The reply is to be an exact repetition of the entries that follow, with each picture left out.

Data extracted from a collection:
:::::

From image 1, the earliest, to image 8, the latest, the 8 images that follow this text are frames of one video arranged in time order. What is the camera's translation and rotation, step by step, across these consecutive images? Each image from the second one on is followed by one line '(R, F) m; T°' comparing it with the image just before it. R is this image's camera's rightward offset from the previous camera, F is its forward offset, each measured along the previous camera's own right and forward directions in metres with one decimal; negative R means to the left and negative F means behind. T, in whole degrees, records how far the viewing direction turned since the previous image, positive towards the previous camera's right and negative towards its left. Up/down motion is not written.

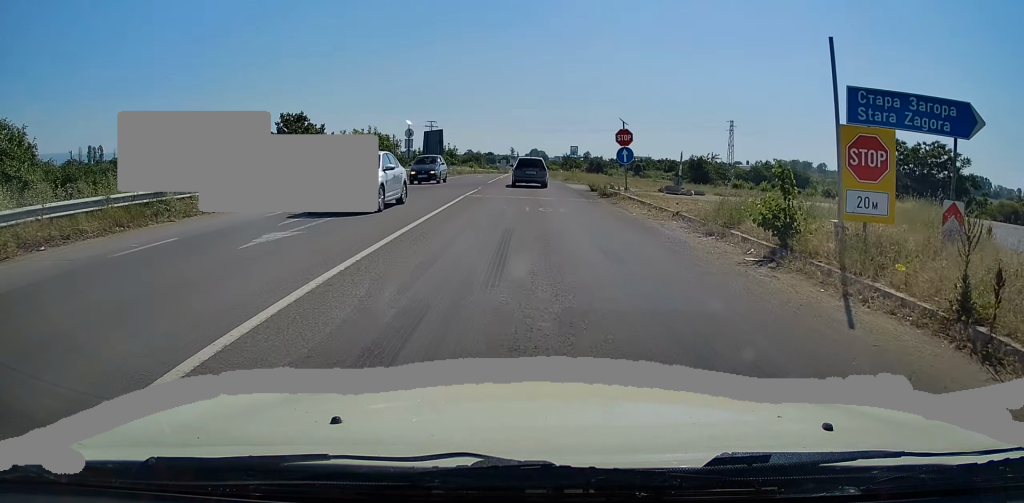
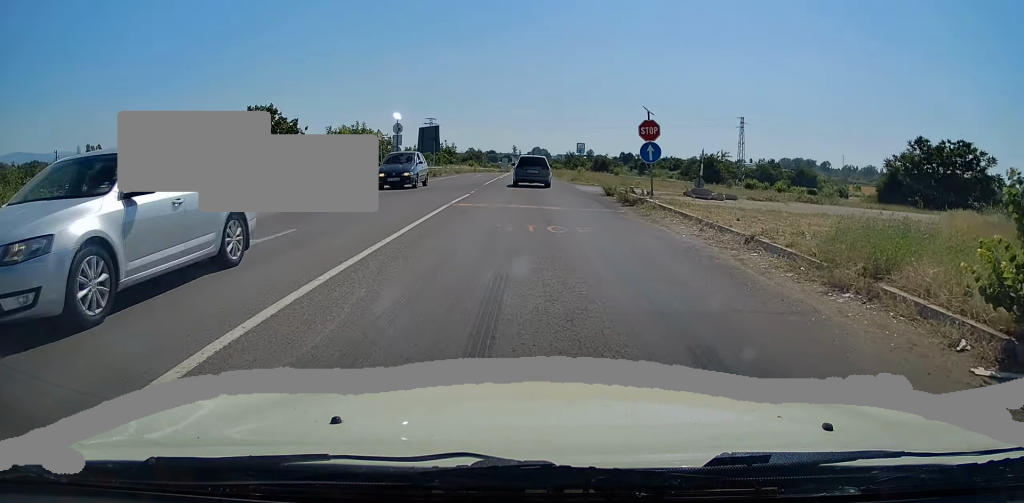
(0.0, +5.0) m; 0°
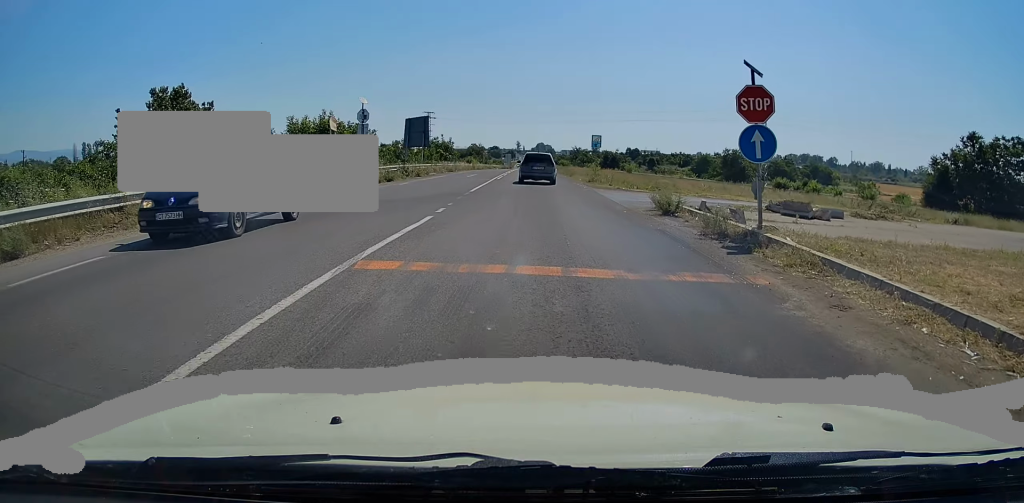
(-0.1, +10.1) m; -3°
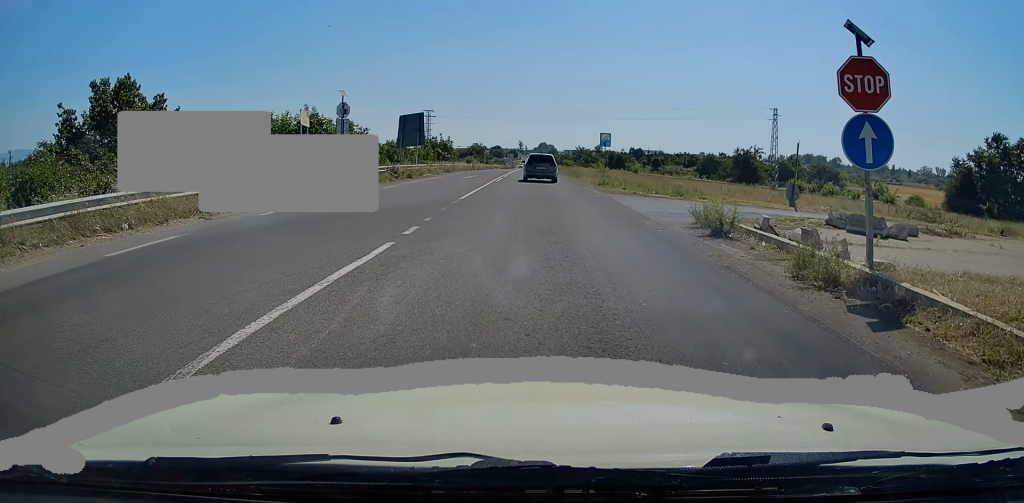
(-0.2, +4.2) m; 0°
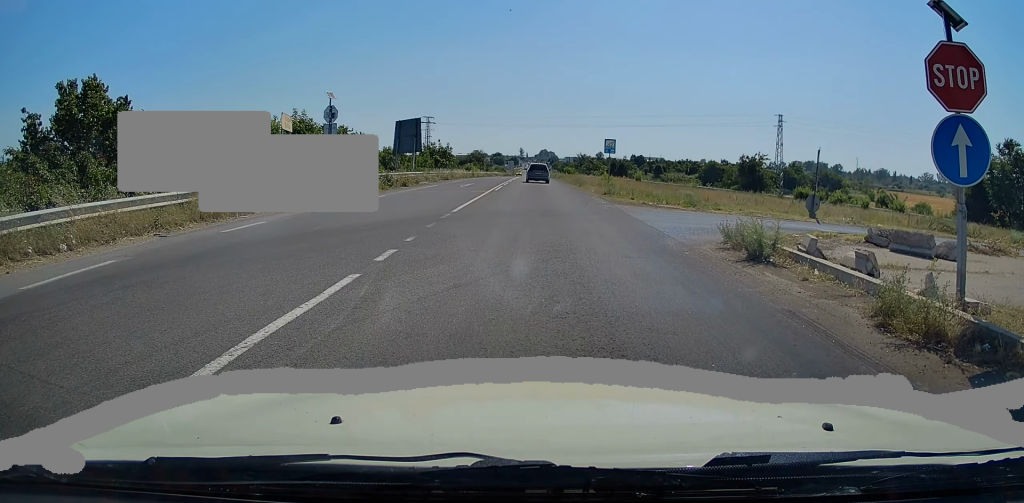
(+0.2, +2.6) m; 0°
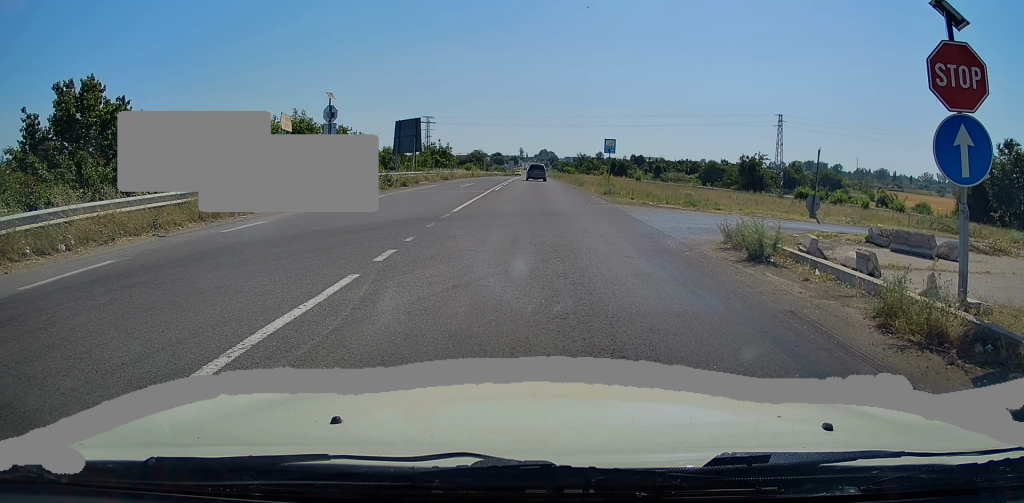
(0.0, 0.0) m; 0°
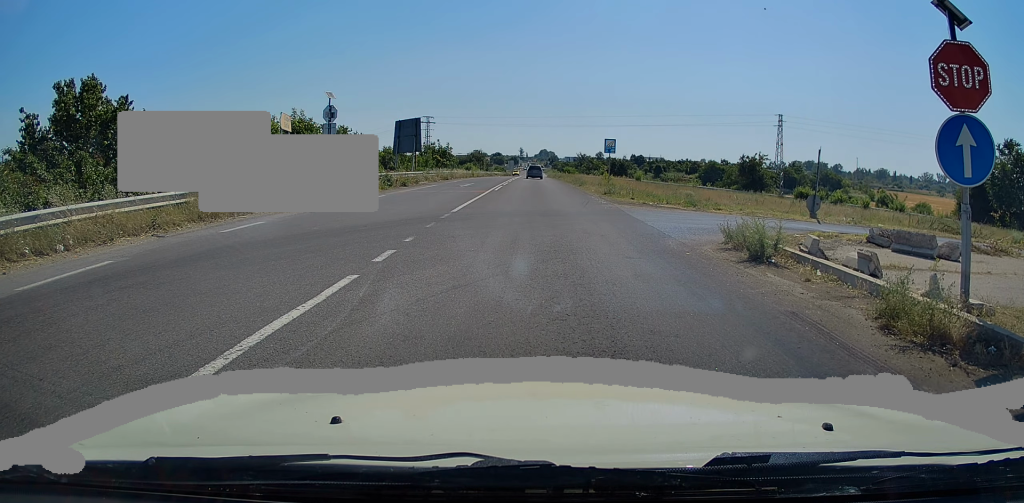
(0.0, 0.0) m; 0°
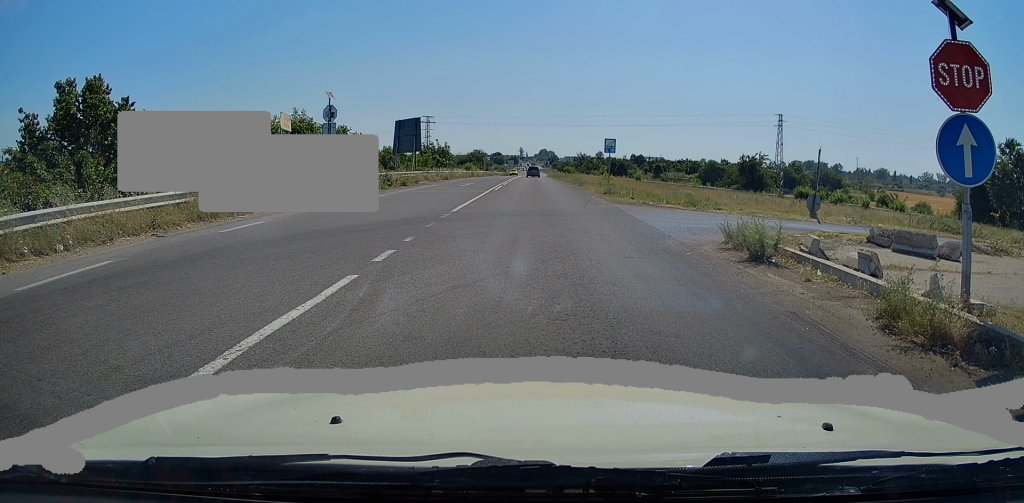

:::::

Solution to the problem —
From image 1, the earliest, to image 8, the latest, the 8 images that follow this text are frames of one video arranged in time order. What is the camera's translation and rotation, step by step, across these consecutive images? Each image from the second one on is followed by one line '(R, F) m; T°' comparing it with the image just before it. R is this image's camera's rightward offset from the previous camera, F is its forward offset, each measured along the previous camera's own right and forward directions in metres with one decimal; negative R means to the left and negative F means behind. T, in whole degrees, records how far the viewing direction turned since the previous image, positive towards the previous camera's right and negative towards its left. Up/down motion is not written.

(0.0, +5.0) m; 0°
(-0.1, +10.1) m; -3°
(-0.2, +4.2) m; 0°
(+0.2, +2.6) m; 0°
(0.0, 0.0) m; 0°
(0.0, 0.0) m; 0°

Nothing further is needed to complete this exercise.